Never sell yourself short. Especially to the guy who says it’s your only chance.

20 Replies to “Lying Tweets”

  1. It was, Tawna. The whole "oh, even Donald Mass isn't real and you'll never get an agent anyway" approach just left me fuming.

  2. There are lots and lots of kinds of presses out there, and many routes to a success than can be defined many ways, so I hate to see people making these One True Path pronouncements. It's good to be able to take enough time to listen to more than one person, and then consider all the comments rather than just the ones that fit into a particular worldview.

  3. That's a good way to put it, Ann Marie. the "One True Path" preachers nearly always have ulterior motives. You're right – the key is listen to lots of people and make considered decisions.

  4. Those are great points to make, Jeffe. When I had dinner with the family this week to celebrate being published, my 19-year-old nephew asked me if the publisher was legit. I was glad he asked because it is a very valid question. Before I even sent my submission to Siren, I did a lot of research on the various publishers out there and thought they would fit my stories well. You can't just grab whatever's out there because you will be burnt. Trust me, I know. I have orphaned author syndrome and the person I went with was with a very respected agency. Don't take anything at face value. Research, ask questions of people published/represented before making big decisions.

  5. Wow. Interesting. Always be wary of people who speak in absolutes, and profess to know all the answers. Best to look deeper, and see what's in for them.

  6. Thanks for your input, Danica – your story is a good cautionary tale. That's the best part of our community – you *can* find people to ask and people will share with you.

    That's right, Linda – always good advice.

    Thanks, Lisa! I'm already following your blog, missy, though it looks like you haven't posted in a while…

  7. Heh – always happy to be used as a successful example. 🙂 I definitely have no platform (or not much of one), and as far as I know that wasn't a factor as far as the contracts went. I sold on voice (and with a fair amount of luck).

    And I agree one hundred percent on all your points Jeffe. I missed the big bru-ha-ha on Twitter, but I would have chimed in if I'd seen it. I really dislike it when people deal in absolutes, because there aren't any – and everyone's definition of success differs.

  8. Victoria Strauss from Writer Beware here–I'd love to know who "eTom" is (in total confidence). Please contact me at Thanks! And thanks for making such good points in this post.

  9. That's a good point, Allison – every definition of success differs. Makes it even more important that it's our own definition.

    Interesting to know you're not surprised, Victoria. I'll have to watch Writer Beware to see what you put up. Thanks for your terrific service to the writing community!

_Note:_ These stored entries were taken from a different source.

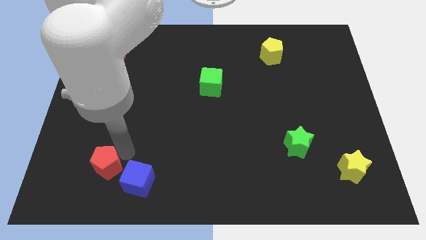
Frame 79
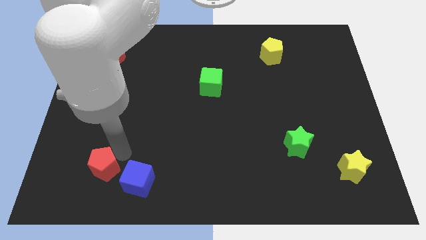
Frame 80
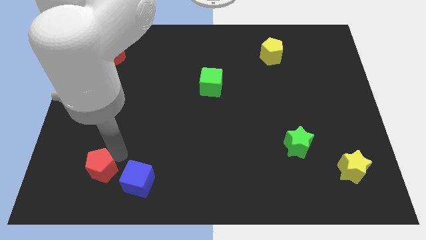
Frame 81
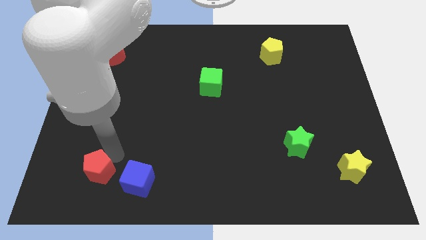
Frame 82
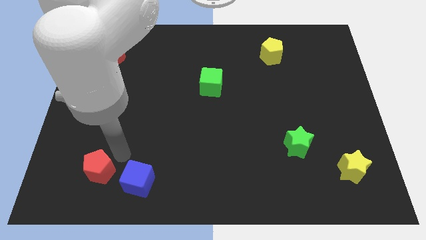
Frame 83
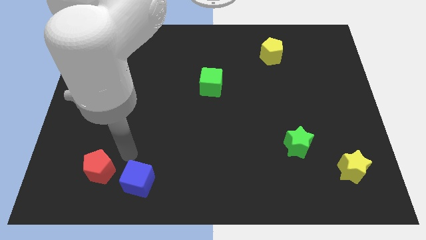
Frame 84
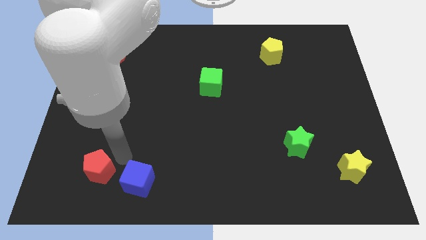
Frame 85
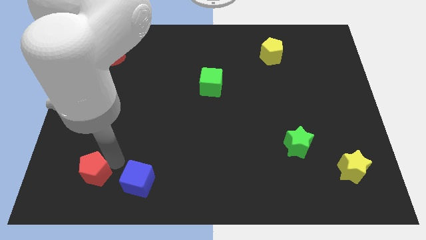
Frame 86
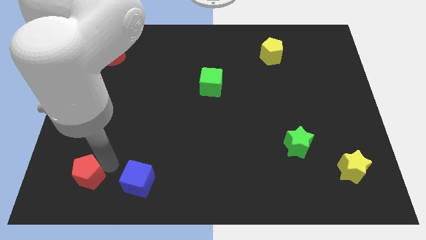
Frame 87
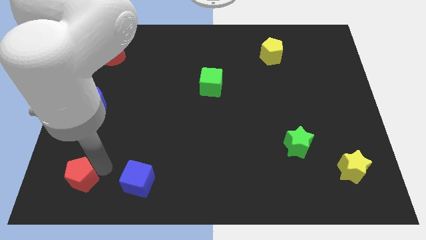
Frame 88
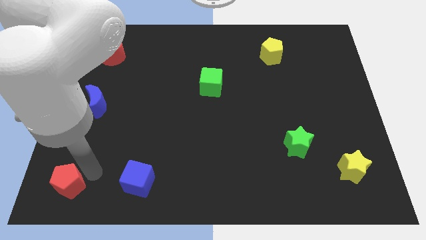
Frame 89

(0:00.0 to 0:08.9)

  10. Great post, Jeffe. So important to remember that just because somebody is an agent, or an editor, it doesn't mean that they know everything. I would suggest that everybody has an agenda, and some of those agendas are not in the best interest of the writer. I think a lot of writers put publishing peeps on a pedestal, and everything they say becomes gospel truth. In reality, publishing professionals are fallible human beings just like the rest of us. Part of our job as writers is to do the research – and see where those opinions are coming from.

  11. Thanks Kerry! I think that's exactly right – do the research, learn the agendas. If they match, party on. If not…

  12. I don't know if I'll blog–not enough info–but I did post in the appropriate thread at Absolute Write (which I won't link to publicly in order to preserve everyone's anonymity, but anyone who wants a link can email me).

    BTW, that press that the epublisher is an imprint of? It has put out a grand total of 2 books, both with 2005 pub dates. So, not so established after all.

  13. It was actually a pretty laid back, if opinionated on one side, conversation. I was sad that some people took this information as gospel.

    Always research information you get. Even established, reputable agents disagree on some things, but you can find out when it's completely off the mark.

    Tip: Coors Light makes conversing with some people more interesting.